The new version of the established TET PDF content extraction engine improves page content analysis, supports right-to-left languages like Arabic and Hebrew, and offers advanced Unicode postprocessing controls.
TET 4.0. PDFlib TET (Text Extraction Toolkit) reliably extracts text, images and metadata from PDF documents. TET makes available the text contents of a PDF as Unicode strings, plus detailed glyph and font information as well as the position on the page. Images are extracted in common raster formats. TET optionally converts PDF documents to an XML-based format called TETML which contains text, image, and metadata as well as resource information. TET supports Chinese, Japanese, and Korean (CJK) text as well as right-to-left languages such as Hebrew and Arabic.
TET contains advanced content analysis algorithms for determining word boundaries, grouping text into columns and removing redundant text. Using the integrated pCOS interface you can retrieve arbitrary objects from the PDF, such as metadata, interactive elements, etc. TET is suitable for server use (thread-safe and robust, no memory leaks, clean exception handling).
New Features in TET 4.0. TET 4.0 offers considerable performance enhancements and is faster for many classes of documents. Especially very large documents up to hundreds of thousands of pages benefit from higher speed and smaller memory consumption.
The results of PDF text extraction are enhanced with improved shadow removal, word boundary detection, dehyphenation, and super- and subscript detection. More workarounds for non-conforming PDF documents improve the robustness of text extraction; the enhanced repair mode can successfully extract text from damaged PDFs.

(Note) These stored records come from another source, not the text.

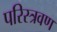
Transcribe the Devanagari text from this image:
परिस्त्रवण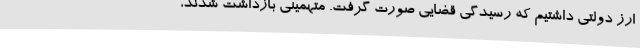
ارز دولتی داشتیم که رسیدگی قضایی صورت گرفت. متهمینی بازداشت شدند،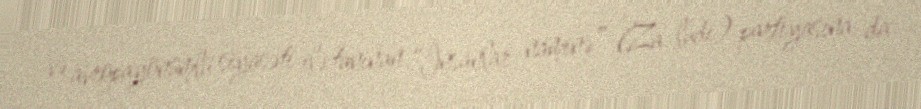
və avropayönümlü siyasəti ilə tanınan “İnsanlar naminə” (Za ľudí) partiyasına da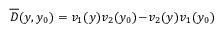
\overline { { \cal D } } ( y , y _ { 0 } ) = v _ { 1 } ( y ) v _ { 2 } ( y _ { 0 } ) \! - \! v _ { 2 } ( y ) v _ { 1 } ( y _ { 0 } )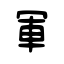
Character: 軍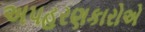
અપહરણકારોએ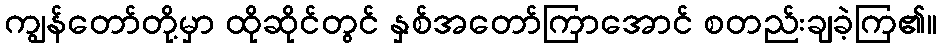
ကျွန်တော်တို့မှာ ထိုဆိုင်တွင် နှစ်အတော်ကြာအောင် စတည်းချခဲ့ကြ၏။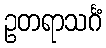
ဥတရာသင်္ဂံ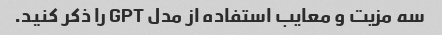
سه مزیت و معایب استفاده از مدل GPT را ذکر کنید.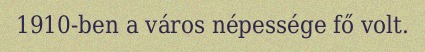
1910-ben a város népessége fő volt.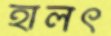
হালৎ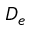
D _ { e }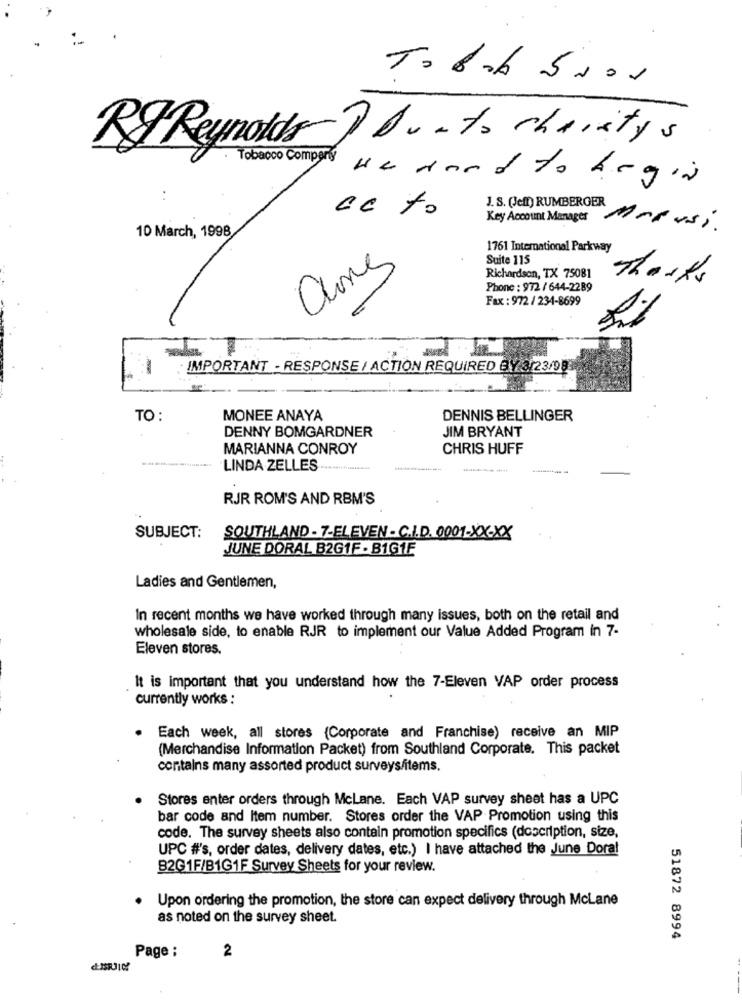
Tobak 5000
RT Reynolds Du to charitys
. Tobacco Company
we dood to begin
J. S. (Jeff) RUMBERGER
ce to
Key Account Manager
MrRusi.
10 March, 199B
1761 International Parkway
Suite 115
Richardson, TX 75081
Thanks
Phone : 972 / 644-2289
Fax : 972 / 234-8699
-
IMPORTANT - RESPONSE / ACTION REQUIRED BY 3/23/98
TO :
MONEE ANAYA
DENNIS BELLINGER
DENNY BOMGARDNER
JIM BRYANT
MARIANNA CONROY
CHRIS HUFF
LINDA ZELLES
RJR ROM'S AND RBM'S
SUBJECT:
SOUTHLAND - 7-ELEVEN - C.I.D. 0001-XXXX
JUNE DORAL B2G1F - B1G1F
Ladies and Gentlemen,
In recent months we have worked through many issues, both on the retail and
wholesale side, to enable RJR to implement our Value Added Program in 7-
Eleven stores.
It is important that you understand how the 7-Eleven VAP order process
currently works :
Each week, all stores (Corporate and Franchise) receive an MIP
(Merchandise Information Packet) from Southland Corporate. This packet
contains many assorted product surveys/items.
Stores enter orders through McLane. Each VAP survey sheet has a UPC
bar code and Item number. Stores order the VAP Promotion using this
code. The survey sheets also contain promotion specifics (description, size,
UPC #'s, order dates, delivery dates, etc.) I have attached the June Dora!
B2G1F/B1G1F Survey Sheets for your review.
Upon ordering the promotion, the store can expect delivery through McLane
as noted on the survey sheet.
51872 8994
Page :
2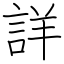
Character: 詳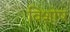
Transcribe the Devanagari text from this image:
विशोष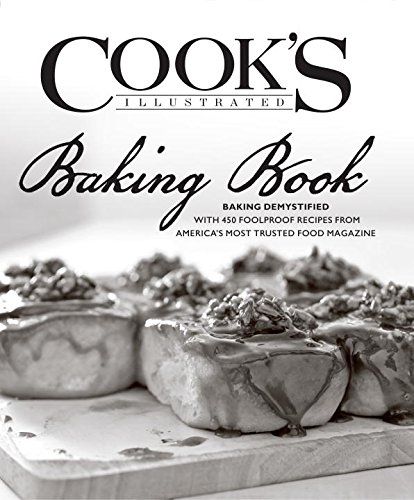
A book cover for The Cook's Illustrated Baking Book; Cookbooks, Food & Wine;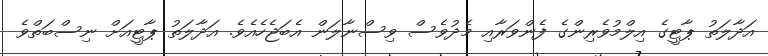
އަދާލަތު ޕާޓީގެ އިލްމުވެރިންގެ ފެންވަރާއި މެދުވެސް ވިސްނާލަން އެބަޖެހެއެވެ. އަދާލަތު ޕާޓީއަށް ނިސްބަތްވެ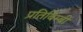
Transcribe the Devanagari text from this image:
प्रतिबिम्बी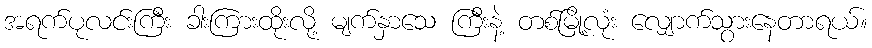
အရက်ပုလင်းကြီး ခါးကြားထိုးလို့ မျက်နှာသေ ကြီးနဲ့ တစ်မြို့လုံး လျှောက်သွားနေတာရယ်။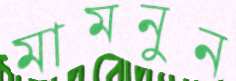
মামনুন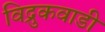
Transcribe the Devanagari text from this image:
विद्रुकवाडी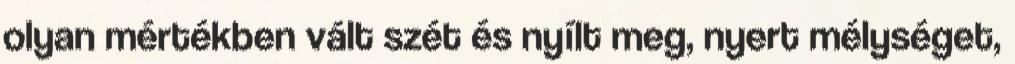
olyan mértékben vált szét és nyílt meg, nyert mélységet,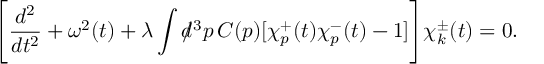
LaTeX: \Biggl [ \frac { d ^ { 2 } } { d t ^ { 2 } } + \omega ^ { 2 } ( t ) + \lambda \int d \! \! \! / ^ { 3 } p \, C ( p ) [ \chi _ { p } ^ { + } ( t ) \chi _ { p } ^ { - } ( t ) - 1 ] \Biggr ] \chi _ { k } ^ { \pm } ( t ) = 0 .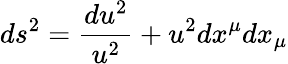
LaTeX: ds^{2}={\frac{du^{2}}{u^{2}}}+u^{2}dx^{\mu}dx_{\mu}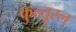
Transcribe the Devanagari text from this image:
कुल्तूरल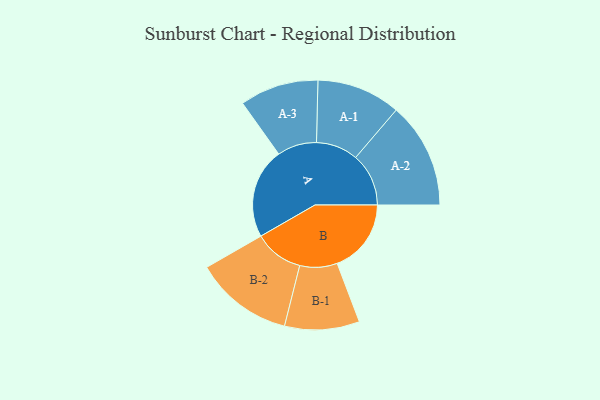
{"axis": {"x": "Segment", "y": "Value"}, "legend": ["", "A", "B"], "data": [{"x": "A", "y": 360, "type": ""}, {"x": "B", "y": 295, "type": ""}, {"x": "A-1", "y": 167, "type": "A"}, {"x": "A-2", "y": 211, "type": "A"}, {"x": "A-3", "y": 157, "type": "A"}, {"x": "B-1", "y": 149, "type": "B"}, {"x": "B-2", "y": 196, "type": "B"}]}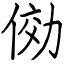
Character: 俲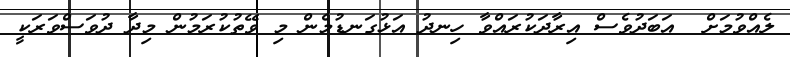
ލެއްވުމަށް  އަބަދުވެސް އިރާދަކުރައްވާ ހިނދު އަޅުގަނޑުމެން މި ވޭތުކުރަމުން މިދާ ދުވަސްވަރަކީ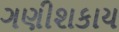
ગણીશકાય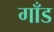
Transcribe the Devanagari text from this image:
गाँड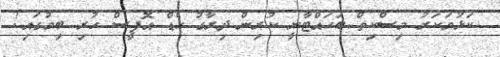
ކަޅުވަކަރު މިސްކިތް ބަހައްޓާނީ ކުރިން ދިރާގު ހެޑް އޮފީސް ހުރި ބިމުގައި!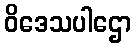
ဝိဒေသပါဌော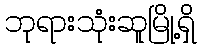
ဘုရားသုံးဆူမြို့ရှိ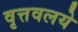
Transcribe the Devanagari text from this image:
वृत्तवलये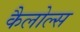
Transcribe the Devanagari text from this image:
कैलोल्स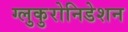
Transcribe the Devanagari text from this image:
ग्लुकुरोनिडेशन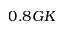
0 . 8 G K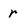
Character: r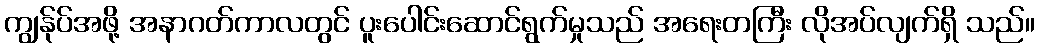
ကျွန်ုပ်အဖို့ အနာဂတ်ကာလတွင် ပူးပေါင်းဆောင်ရွက်မှုသည် အရေးတကြီး လိုအပ်လျက်ရှိ သည်။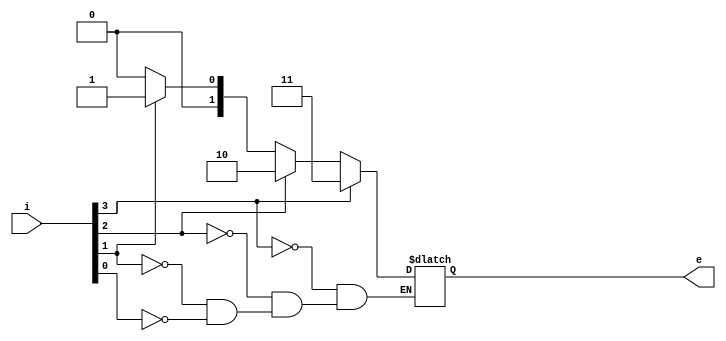
module encoder_4to2_if(i, e);
	input [3:0] i;
	output [1:0] e;
	reg [1:0] e;
	
	always @(*) begin
	if (i[0]) e = 2'b00;
	if (i[1]) e = 2'b01;
	if (i[2]) e = 2'b10;
	if (i[3]) e = 2'b11;
	end
endmodule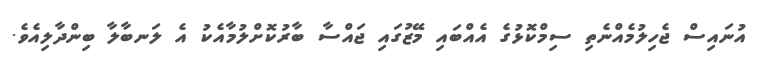
އުނައިސް ޖެހިލުމެއްނެތި ސިމްކޮޅުގެ އެއްބައި މޭޒުގައި ޖައްސާ ބާރުކޮށްލުމާއެކު އެ ލަނބާލާ ބިންދާލިއެވެ.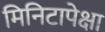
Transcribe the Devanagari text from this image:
मिनिटापेक्षा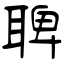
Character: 聛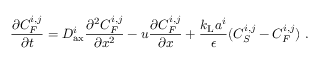
\frac { \partial C _ { F } ^ { i , j } } { \partial t } = D _ { \mathrm { a x } } ^ { i } \frac { \partial ^ { 2 } C _ { F } ^ { i , j } } { \partial x ^ { 2 } } - u \frac { \partial C _ { F } ^ { i , j } } { \partial x } + \frac { k _ { \mathrm { L } } a ^ { i } } { \epsilon } ( C _ { S } ^ { i , j } - C _ { F } ^ { i , j } ) \ .

TET 4 rearranges bidirectional text in Arabic or Hebrew documents to the proper logical order. Unicode postprocessing controls offer folding, decomposition and normalization according to the Unicode standard which is useful to adjust the extracted text according to the requirements of the application.
TET PDF IFilter 4.0. Based on patented TET technology TET PDF IFilter is a robust implementation of Microsoft’s IFilter indexing interface. It works with all search and retrieval products which support the IFilter interface, e.g. SharePoint and SQL Server. The new language detection feature automatically assigns the proper natural language to the text, which is important for proper word stemming and therefore improves the search experience.
TET Plugin 4.0. TET is also available as a free plugin for Adobe Acrobat. This plugin allows interactive test and evaluation of TET’s superior text extraction. The new TET Plugin supports Unicode syntax for search text and can highlight all search hits on a page.
TET Cookbook. The TET Cookbook is a collection of programming examples which demonstrate the use of TET for various text and image extraction tasks. Several Cookbook samples show how to combine the TET and PDFlib+PDI products in order to enhance PDF documents, e.g. add bookmarks or links based on the text on the page.
PDFlib GmbH announces the availability of the new product versions PDFlib TET 4, PDFlib TET PDF IFilter 4, and TET Plugin 4. The new versions offer faster, more efficient and more reliable content extraction from PDF documents.
Pricing and availability. TET 4 for Windows Server 2003/2008, Linux or Apple Mac OS X Server costs Euro 795 or US-$ 995. TET for Windows 2000/XP/Vista/7 or Mac OS X desktop costs Euro 295 or US-$ 375. Additional packages are available for Sun Solaris, IBM AIX and HP-UX as well as for IBM i5/iSeries and zSeries.
TET PDF IFilter 4.0 is freely available for non-commercial use on desktop systems, which provides a convenient basis for test and evaluation. The license fee for Windows Server is Euro 555 or US-$ 695.
The TET Plugin for Acrobat Professional on Windows and Mac is free for non-commercial use.